Work order –
The whole listing that follows is to be restated word for word, images excluded.

+--

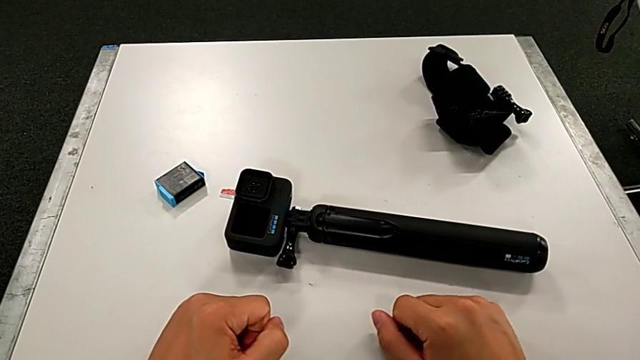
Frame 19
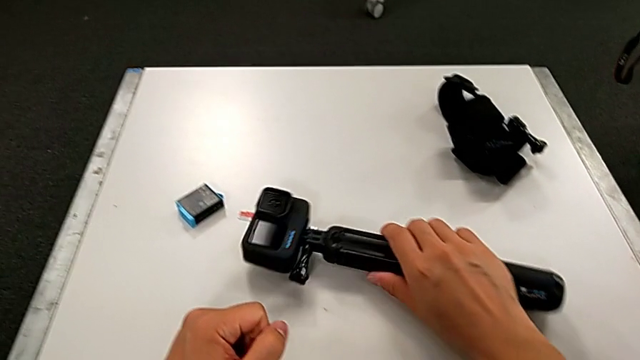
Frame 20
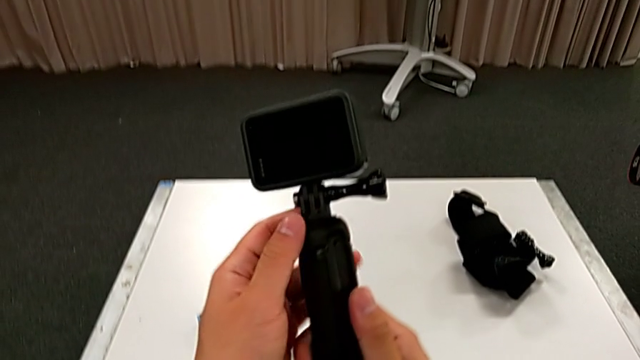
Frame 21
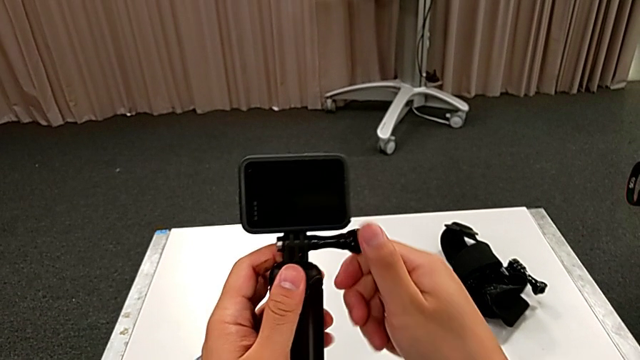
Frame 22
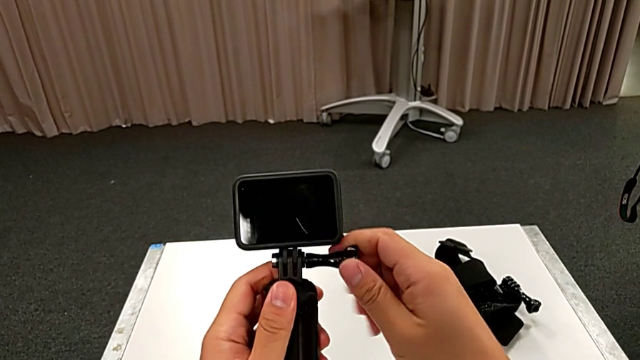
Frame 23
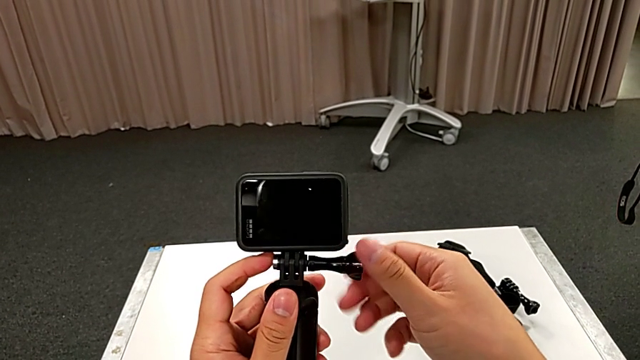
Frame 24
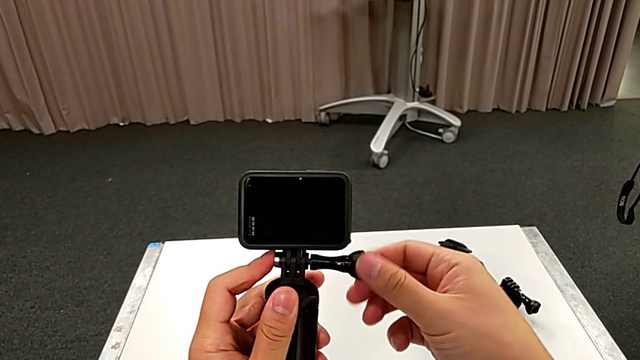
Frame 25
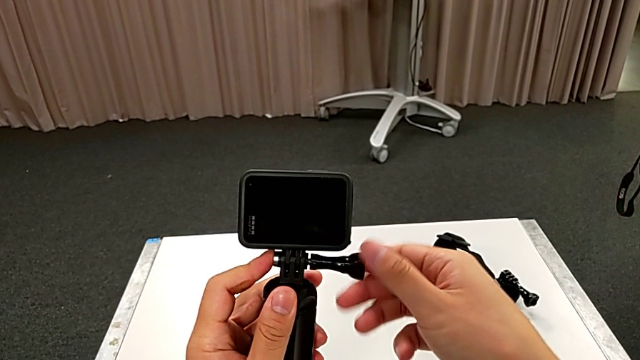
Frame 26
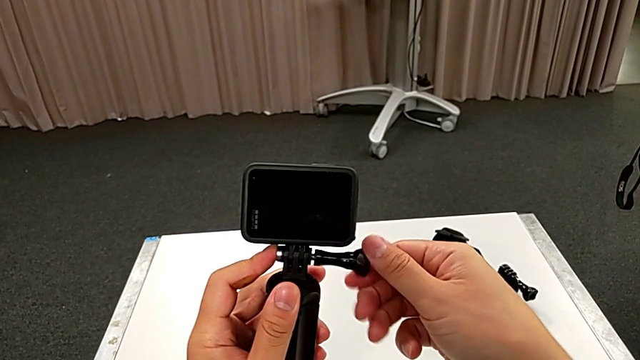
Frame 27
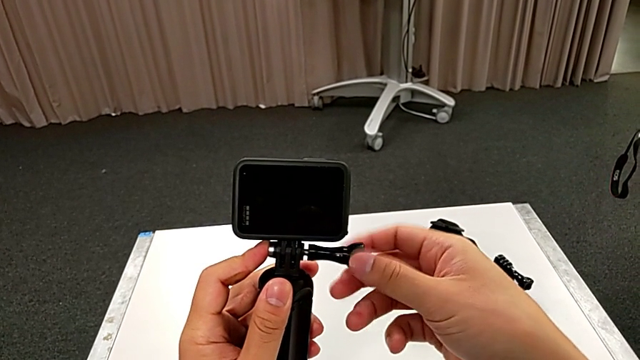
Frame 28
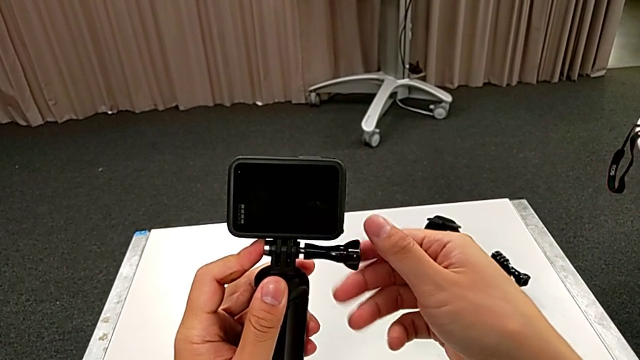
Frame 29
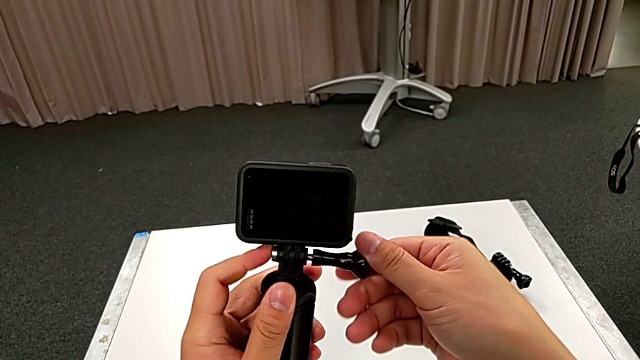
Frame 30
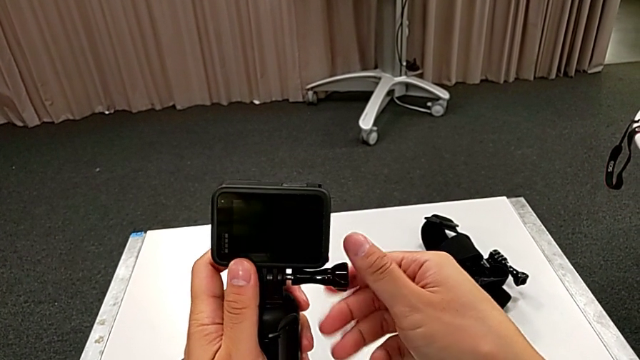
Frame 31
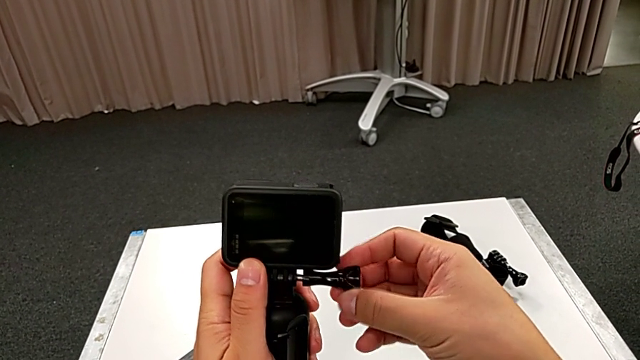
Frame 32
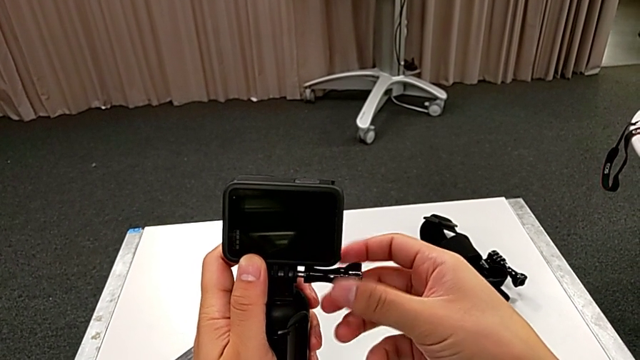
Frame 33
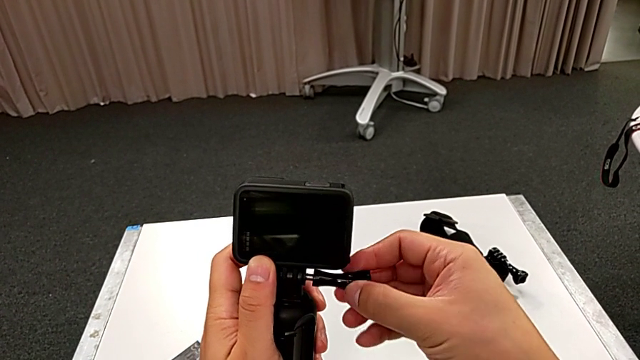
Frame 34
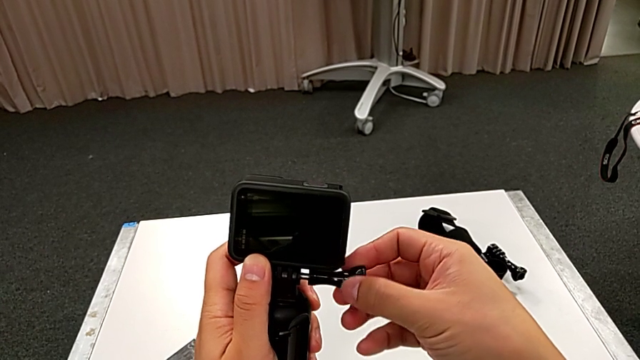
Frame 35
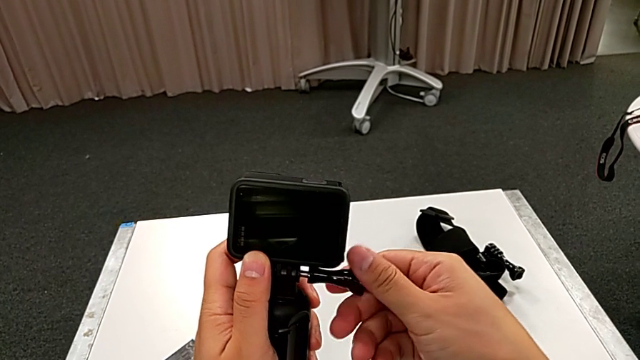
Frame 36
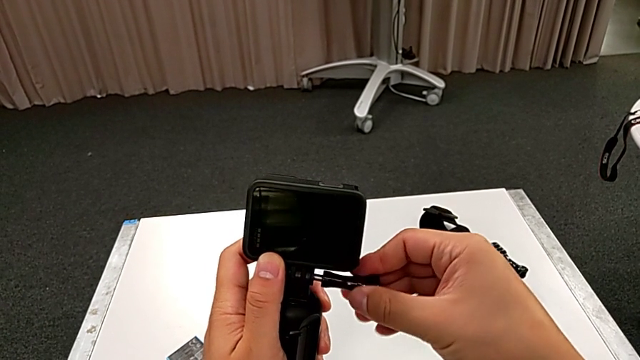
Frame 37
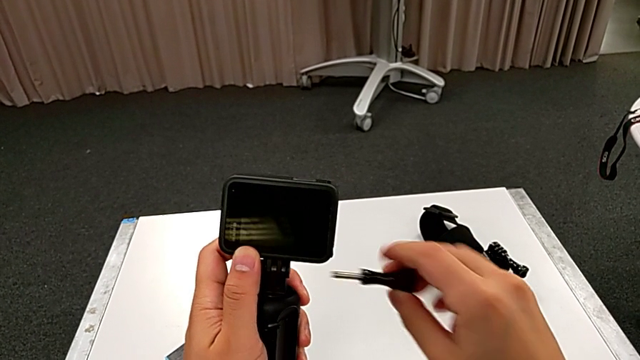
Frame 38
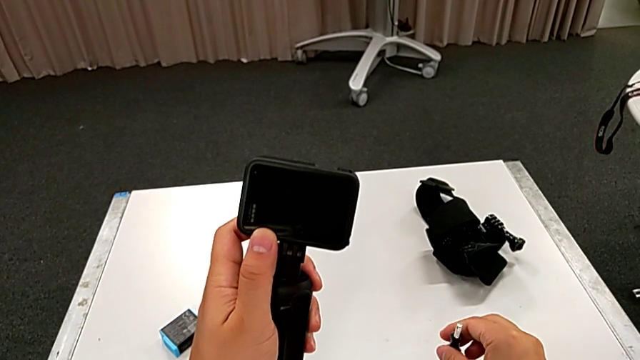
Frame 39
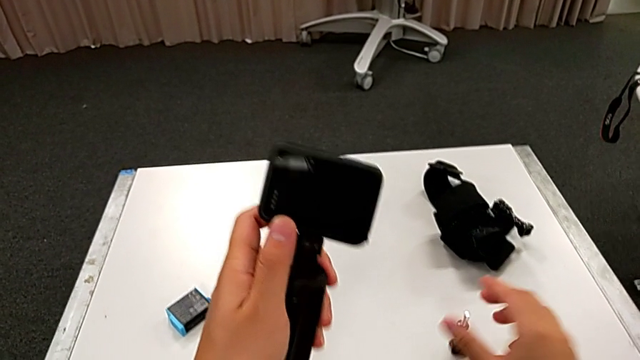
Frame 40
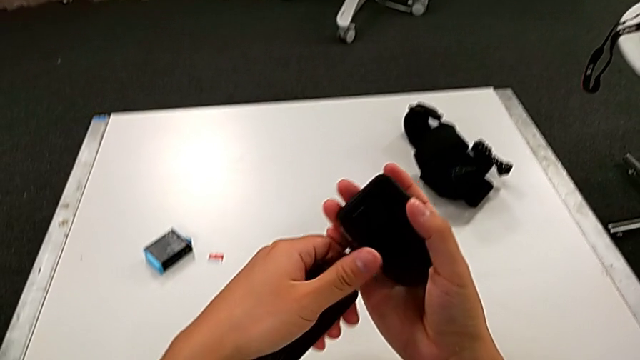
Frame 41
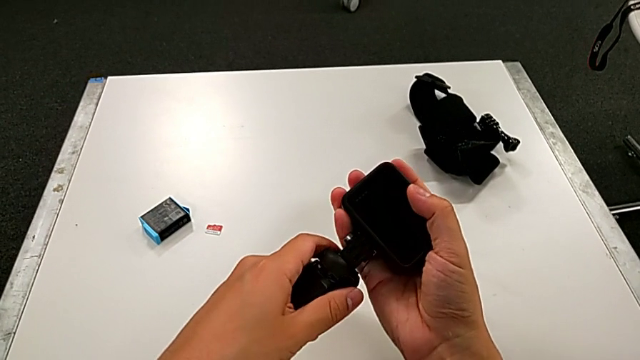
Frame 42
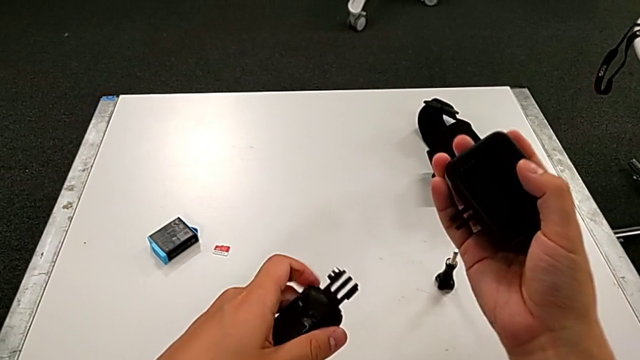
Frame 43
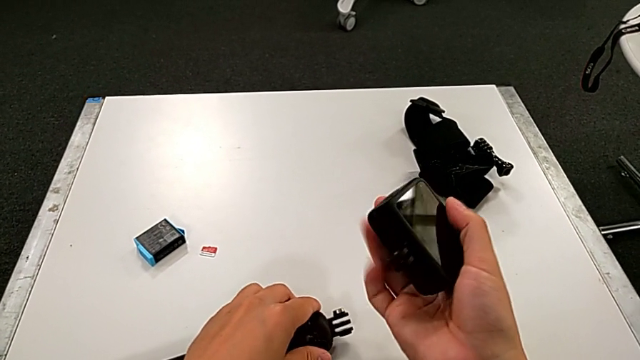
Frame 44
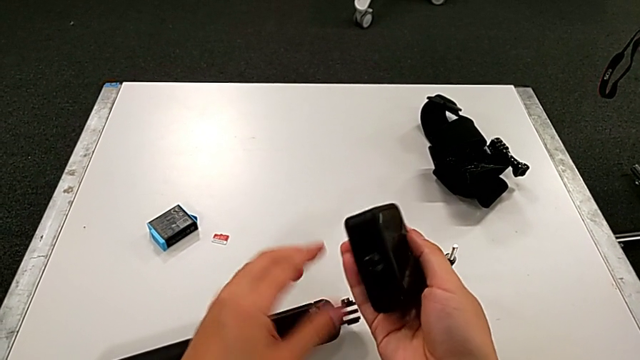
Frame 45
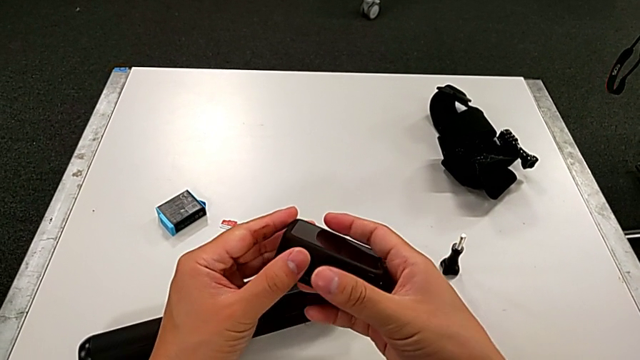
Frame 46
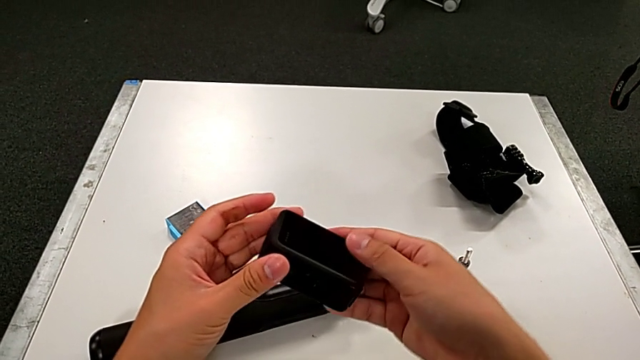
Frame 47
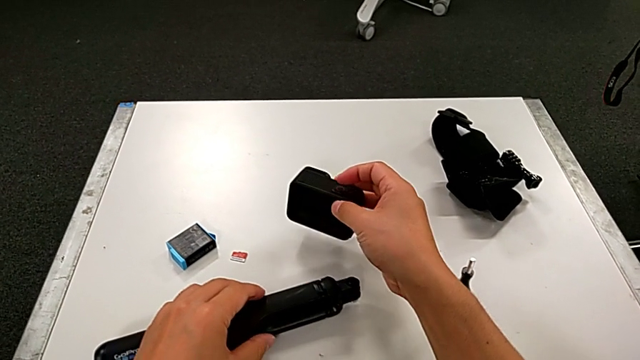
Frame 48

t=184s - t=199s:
The camera wearer is disassembling the handheld grip from the GoPro. They lift the handheld grip, unscrew the mounting peg, withdraw it, place it, grab the GoPro, disassemble it, place the handheld grip, grab the GoPro and place it.

+--

Output below –
Frame 19
Frame 20
Frame 21
Frame 22
Frame 23
Frame 24
Frame 25
Frame 26
Frame 27
Frame 28
Frame 29
Frame 30
Frame 31
Frame 32
Frame 33
Frame 34
Frame 35
Frame 36
Frame 37
Frame 38
Frame 39
Frame 40
Frame 41
Frame 42
Frame 43
Frame 44
Frame 45
Frame 46
Frame 47
Frame 48

t=184s - t=199s:
The camera wearer is disassembling the handheld grip from the GoPro. They lift the handheld grip, unscrew the mounting peg, withdraw it, place it, grab the GoPro, disassemble it, place the handheld grip, grab the GoPro and place it.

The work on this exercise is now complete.